• [Exercise instructions]: Your answer must be an exact transcription of the data, with every picture omitted.

• [Task data]:
==============================

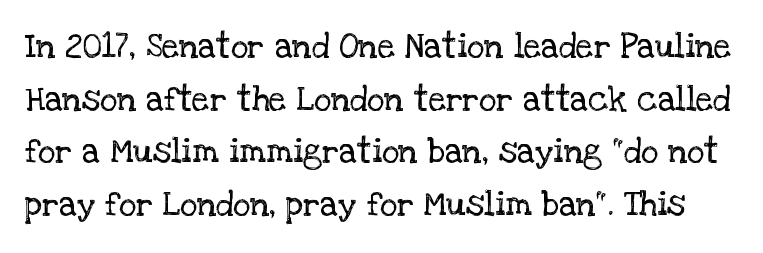
Q: Is the text bold? A: No.
Q: Is the text italic (slanted)? A: No, it is upright.
Q: Is the typeface a serif or a sans-serif typeface? A: Serif.
Q: Is the text underlined? A: No.
Q: Is the spacing between letters normal or unusually wide? A: Normal.
Q: Is the spacing between lines tight, normal or loose? A: Normal.
Q: Width (condensed, normal, or wide)? A: Normal.
Q: Stroke contrast? A: Low.
Q: x-height? A: Large.
Q: Monospaced? A: No.
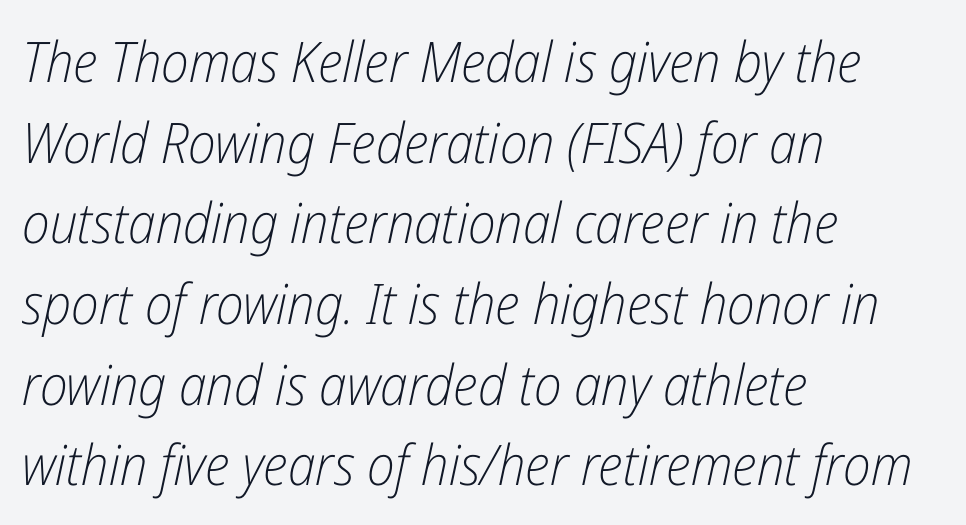
Q: Is the text bold? A: No.
Q: Is the text italic (slanted)? A: Yes, it leans right by about 12 degrees.
Q: Is the text underlined? A: No.
Q: How is the paragraph aligned? A: Left-aligned.
Q: Is the spacing between letters normal or unusually wide? A: Normal.
Q: Is the spacing between lines tight, normal or loose? A: Normal.
Q: Width (condensed, normal, or wide)? A: Condensed.
Q: Stroke contrast? A: Low.
Q: x-height? A: Medium.
Q: Monospaced? A: No.
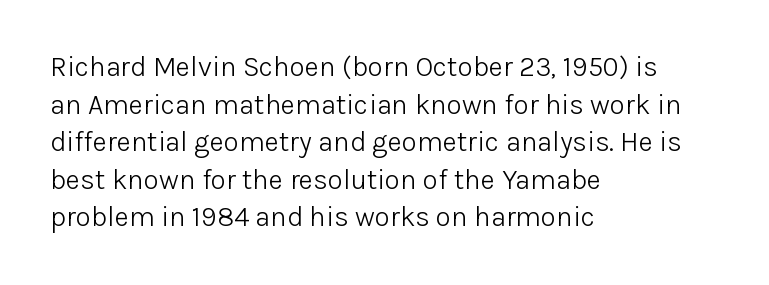
Q: Is the text bold? A: No.
Q: Is the text italic (slanted)? A: No, it is upright.
Q: Is the typeface a serif or a sans-serif typeface? A: Sans-serif.
Q: Is the text underlined? A: No.
Q: How is the paragraph aligned? A: Left-aligned.
Q: Is the spacing between letters normal or unusually wide? A: Normal.
Q: Is the spacing between lines tight, normal or loose? A: Normal.
Q: Width (condensed, normal, or wide)? A: Normal.
Q: Stroke contrast? A: Low.
Q: x-height? A: Medium.
Q: Monospaced? A: No.
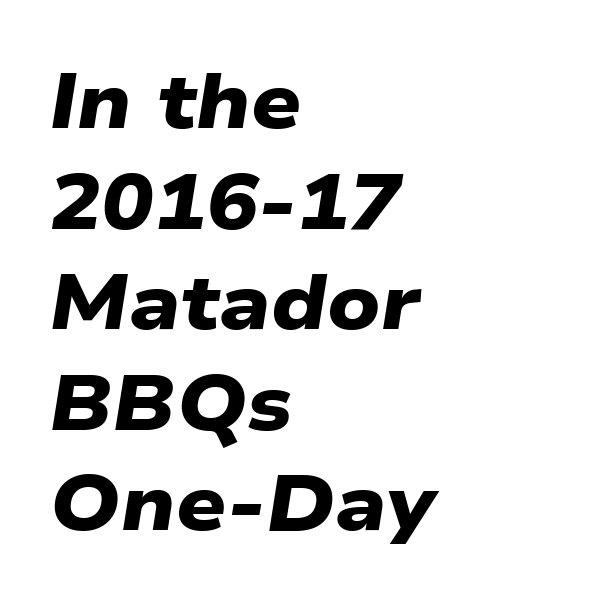
The vertical gap from one line to the next is medium. Compared with a centered layout, this one pins lines to the left instead. Words float on clear page, feet unadorned. Is this a sans? Yes — the strokes have no serifs. A typesetter would call this zero additional tracking. The face used here is proportionally spaced, like ordinary book or web type.
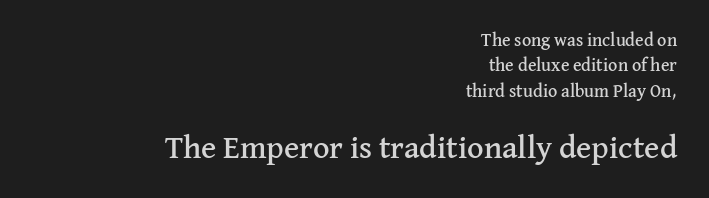
{"serif": "yes", "italic": "no", "width": "normal", "stroke_contrast": "medium", "x_height": "medium", "monospaced": "no", "underline": "no", "align": "right", "line_spacing": "normal", "line_spacing_ratio": 1.41, "letter_spacing": "normal", "letter_spacing_em": 0.0, "larger_block": "second", "size_ratio": 1.78, "glyph_px": 32}
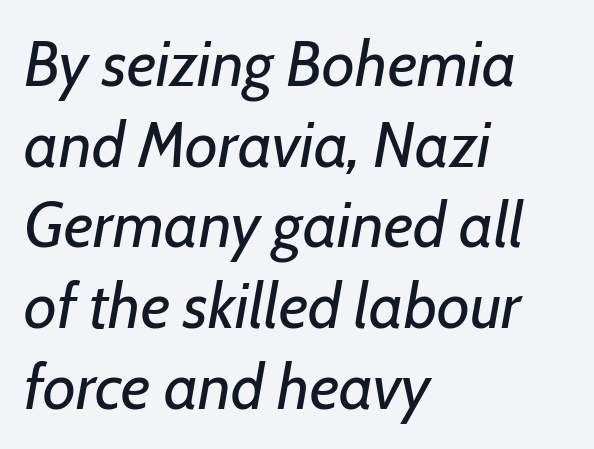
The ragged edge is on the right, which tells us the setting is flush left. Beneath every word, the page is bare. The rendering uses natural spacing where letterforms have individual widths. Does extra space separate the letters? No, they use regular spacing.
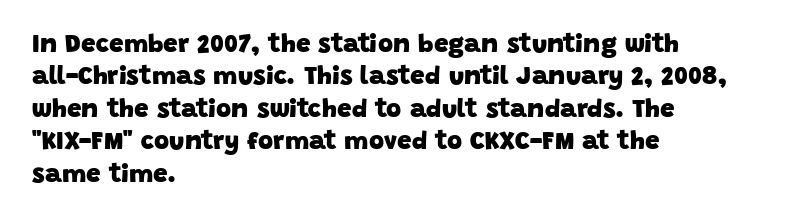
The image shows 26 px bold type; set left-aligned, normal line spacing (1.25x), normal letter spacing, not underlined.
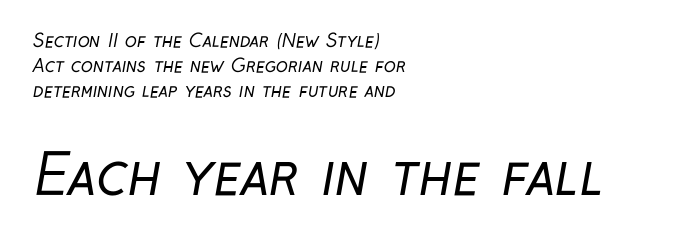
Q: Is the text bold? A: No.
Q: Is the typeface a serif or a sans-serif typeface? A: Sans-serif.
Q: Is the text underlined? A: No.
Q: How is the paragraph aligned? A: Left-aligned.
Q: Is the spacing between letters normal or unusually wide? A: Normal.
Q: Is the spacing between lines tight, normal or loose? A: Normal.
Q: Which block of text is set in a larger size, the first (top) or the second (bottom)? A: The second (bottom) one.
Q: Width (condensed, normal, or wide)? A: Condensed.
Q: Stroke contrast? A: Low.
Q: x-height? A: Medium.
Q: Monospaced? A: No.
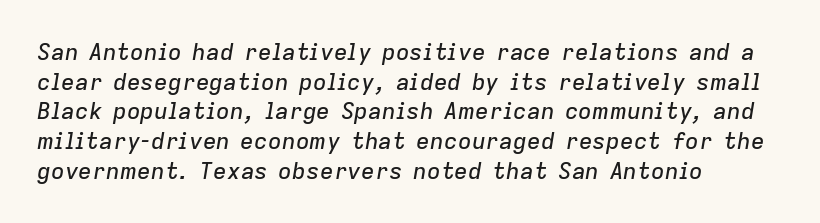
The image shows 23 px text type, italic (leaning right); set left-aligned, normal line spacing (1.29x), normal letter spacing, not underlined.
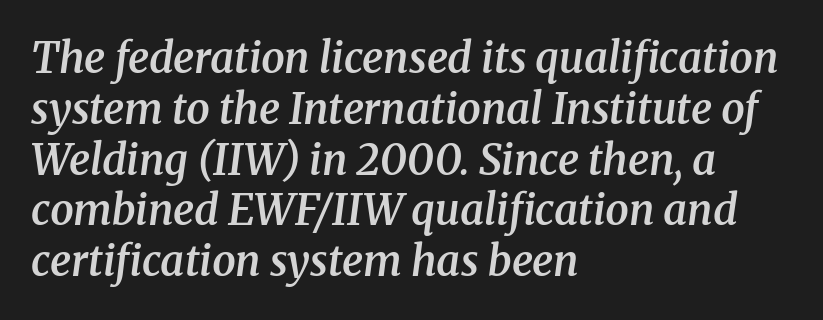
{"serif": "yes", "italic": "yes", "lean": "right", "slant_degrees": 8, "bold": "semi", "weight": "semibold", "width": "normal", "stroke_contrast": "medium", "x_height": "medium", "monospaced": "no", "underline": "no", "align": "left", "line_spacing_ratio": 1.21, "letter_spacing": "normal", "letter_spacing_em": 0.0, "glyph_px": 42}

==============================

• [Exercise solution]:
Q: Is the text bold? A: No.
Q: Is the text italic (slanted)? A: No, it is upright.
Q: Is the typeface a serif or a sans-serif typeface? A: Serif.
Q: Is the text underlined? A: No.
Q: Is the spacing between letters normal or unusually wide? A: Normal.
Q: Is the spacing between lines tight, normal or loose? A: Normal.
Q: Width (condensed, normal, or wide)? A: Normal.
Q: Stroke contrast? A: Low.
Q: x-height? A: Large.
Q: Monospaced? A: No.
Q: Is the text bold? A: No.
Q: Is the text italic (slanted)? A: Yes, it leans right by about 12 degrees.
Q: Is the text underlined? A: No.
Q: How is the paragraph aligned? A: Left-aligned.
Q: Is the spacing between letters normal or unusually wide? A: Normal.
Q: Is the spacing between lines tight, normal or loose? A: Normal.
Q: Width (condensed, normal, or wide)? A: Condensed.
Q: Stroke contrast? A: Low.
Q: x-height? A: Medium.
Q: Monospaced? A: No.
Q: Is the text bold? A: No.
Q: Is the text italic (slanted)? A: No, it is upright.
Q: Is the typeface a serif or a sans-serif typeface? A: Sans-serif.
Q: Is the text underlined? A: No.
Q: How is the paragraph aligned? A: Left-aligned.
Q: Is the spacing between letters normal or unusually wide? A: Normal.
Q: Is the spacing between lines tight, normal or loose? A: Normal.
Q: Width (condensed, normal, or wide)? A: Normal.
Q: Stroke contrast? A: Low.
Q: x-height? A: Medium.
Q: Monospaced? A: No.
The vertical gap from one line to the next is medium. Compared with a centered layout, this one pins lines to the left instead. Words float on clear page, feet unadorned. Is this a sans? Yes — the strokes have no serifs. A typesetter would call this zero additional tracking. The face used here is proportionally spaced, like ordinary book or web type.
{"serif": "yes", "italic": "no", "width": "normal", "stroke_contrast": "medium", "x_height": "medium", "monospaced": "no", "underline": "no", "align": "right", "line_spacing": "normal", "line_spacing_ratio": 1.41, "letter_spacing": "normal", "letter_spacing_em": 0.0, "larger_block": "second", "size_ratio": 1.78, "glyph_px": 32}
The ragged edge is on the right, which tells us the setting is flush left. Beneath every word, the page is bare. The rendering uses natural spacing where letterforms have individual widths. Does extra space separate the letters? No, they use regular spacing.
The image shows 26 px bold type; set left-aligned, normal line spacing (1.25x), normal letter spacing, not underlined.
Q: Is the text bold? A: No.
Q: Is the typeface a serif or a sans-serif typeface? A: Sans-serif.
Q: Is the text underlined? A: No.
Q: How is the paragraph aligned? A: Left-aligned.
Q: Is the spacing between letters normal or unusually wide? A: Normal.
Q: Is the spacing between lines tight, normal or loose? A: Normal.
Q: Which block of text is set in a larger size, the first (top) or the second (bottom)? A: The second (bottom) one.
Q: Width (condensed, normal, or wide)? A: Condensed.
Q: Stroke contrast? A: Low.
Q: x-height? A: Medium.
Q: Monospaced? A: No.
The image shows 23 px text type, italic (leaning right); set left-aligned, normal line spacing (1.29x), normal letter spacing, not underlined.
{"serif": "yes", "italic": "yes", "lean": "right", "slant_degrees": 8, "bold": "semi", "weight": "semibold", "width": "normal", "stroke_contrast": "medium", "x_height": "medium", "monospaced": "no", "underline": "no", "align": "left", "line_spacing_ratio": 1.21, "letter_spacing": "normal", "letter_spacing_em": 0.0, "glyph_px": 42}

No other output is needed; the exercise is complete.